++++ DATA TO USE

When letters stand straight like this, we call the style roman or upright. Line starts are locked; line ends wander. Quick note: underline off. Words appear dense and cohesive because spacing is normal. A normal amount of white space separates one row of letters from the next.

++++++++
++++ DATA TO USE

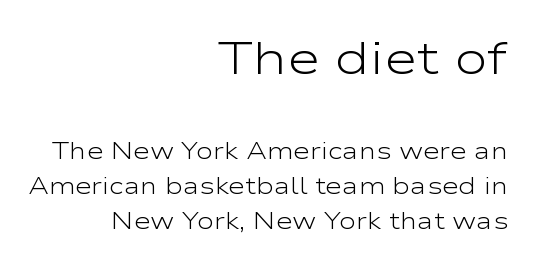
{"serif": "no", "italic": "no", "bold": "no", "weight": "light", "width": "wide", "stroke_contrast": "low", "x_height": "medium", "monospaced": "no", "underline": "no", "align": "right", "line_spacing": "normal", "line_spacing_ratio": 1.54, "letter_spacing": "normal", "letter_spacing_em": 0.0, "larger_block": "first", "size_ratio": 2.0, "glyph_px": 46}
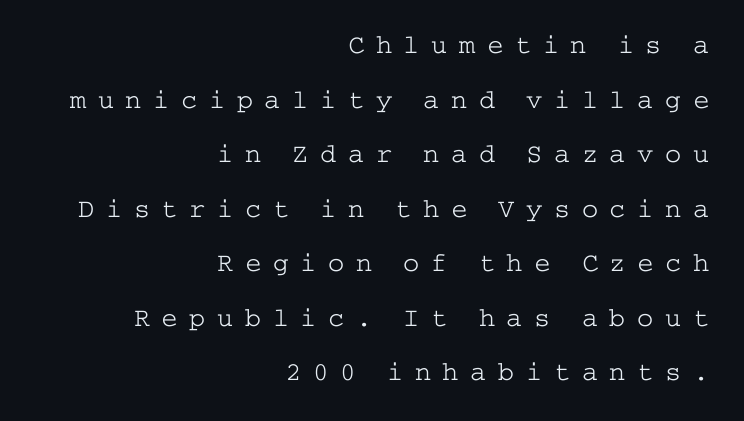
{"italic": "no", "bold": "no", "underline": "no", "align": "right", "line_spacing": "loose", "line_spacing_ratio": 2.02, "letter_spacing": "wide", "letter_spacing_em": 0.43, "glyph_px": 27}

++++++++

Show all lines from the records above where the word "wide" occurs.

{"serif": "no", "italic": "no", "bold": "no", "weight": "light", "width": "wide", "stroke_contrast": "low", "x_height": "medium", "monospaced": "no", "underline": "no", "align": "right", "line_spacing": "normal", "line_spacing_ratio": 1.54, "letter_spacing": "normal", "letter_spacing_em": 0.0, "larger_block": "first", "size_ratio": 2.0, "glyph_px": 46}
{"italic": "no", "bold": "no", "underline": "no", "align": "right", "line_spacing": "loose", "line_spacing_ratio": 2.02, "letter_spacing": "wide", "letter_spacing_em": 0.43, "glyph_px": 27}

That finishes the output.